In this blog post, I explain the capabilities of regression analysis, the types of relationships it can assess, how it controls the variables, and generally why I love it! You’ll learn when you should consider using regression analysis.

## Use Regression to Analyze a Wide Variety of Relationships

Regression analysis can handle many things. For example, you can use regression analysis to do the following:

- Model multiple independent variables
- Include continuous and categorical variables
- Use polynomial terms to model curvature
- Assess interaction terms to determine whether the effect of one independent variable depends on the value of another variable

These capabilities are all cool, but they don’t include an almost magical ability. Regression analysis can unscramble very intricate problems where the variables are entangled like spaghetti. For example, imagine you’re a researcher studying any of the following:

- Do socio-economic status and race affect educational achievement?
- Do education and IQ affect earnings?
- Do exercise habits and diet effect weight?
- Are drinking coffee and smoking cigarettes related to mortality risk?
- Does a particular exercise intervention have an impact on bone density that is a distinct effect from other physical activities?

More on the last two examples later!

All these research questions have entwined independent variables that can influence the dependent variables. How do you untangle a web of related variables? Which variables are statistically significant and what role does each one play? Regression comes to the rescue because you can use it for all of these scenarios!

## Use Regression Analysis to Control the Independent Variables

As I mentioned, regression analysis describes how the changes in each independent variable are related to changes in the dependent variable. Crucially, regression also statistically controls every variable in your model.

### What does controlling for a variable mean?

When you perform regression analysis, you need to isolate the role of each variable. For example, I participated in an exercise intervention study where our goal was to determine whether the intervention increased the subjects’ bone mineral density. We needed to isolate the role of the exercise intervention from everything else that can impact bone mineral density, which ranges from diet to other physical activity.

To accomplish this goal, you must minimize the effect of confounding variables. Regression analysis does this by estimating the effect that changing one independent variable has on the dependent variable while holding all the other independent variables constant. This process allows you to learn the role of each independent variable without worrying about the other variables in the model. Again, you want to isolate the effect of each variable.

### How do you control the other variables in regression?

A beautiful aspect of regression analysis is that you hold the other independent variables constant by merely including them in your model! Let’s look at this in action with an example.

A recent study analyzed the effect of coffee consumption on mortality. The first results indicated that higher coffee intake is related to a higher risk of death. However, coffee drinkers frequently smoke, and the researchers did not include smoking in their initial model. After they included smoking in the model, the regression results indicated that coffee intake lowers the risk of mortality while smoking increases it. This model isolates the role of each variable while holding the other variable constant. You can assess the effect of coffee intake while controlling for smoking.
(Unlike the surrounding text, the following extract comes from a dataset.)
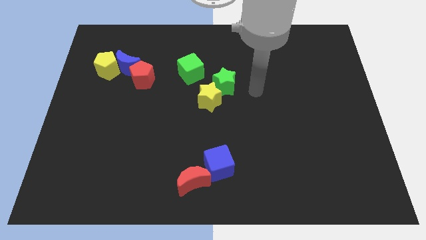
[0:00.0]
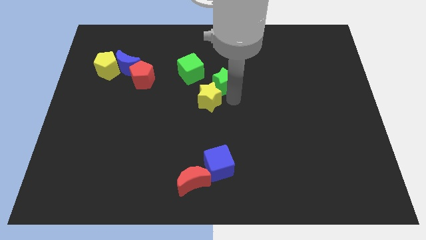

Conveniently, you’re also controlling for coffee intake when looking at the effect of smoking.

Note that the study also illustrates how excluding a relevant variable can produce misleading results. Omitting an important variable causes it to be uncontrolled, and it can bias the results for the variables that you do include in the model. This warning is particularly applicable for observational studies where the effects of omitted variables might be unbalanced. On the other hand, the randomization process in a true experiment tends to distribute the effects of these variables equally, which lessens omitted variable bias.

## How to Interpret Regression Output

To answer questions using regression analysis, you first need to fit and verify that you have a good model. Then, you look through the regression coefficients and p-values. When you have a low p-value (typically < 0.05), the independent variable is statistically significant. The coefficients represent the average change in the dependent variable given a one-unit change in the independent variable (IV) while controlling the other IVs.

For instance, if your dependent variable is income and your IVs include IQ and education (among other relevant variables), you might see output like this:

The low p-values indicate that both education and IQ are statistically significant. The coefficient for IQ indicates that each additional IQ point increases your income by an average of approximately $4.80 while controlling everything else in the model. Furthermore, an additional unit of education increases average earnings by $24.22 while holding the other variables constant.

Regression analysis is a form of inferential statistics. The p-values help determine whether the relationships that you observe in your sample also exist in the larger population. I’ve written an entire blog post about how to interpret regression coefficients and their p-values, which I highly recommend.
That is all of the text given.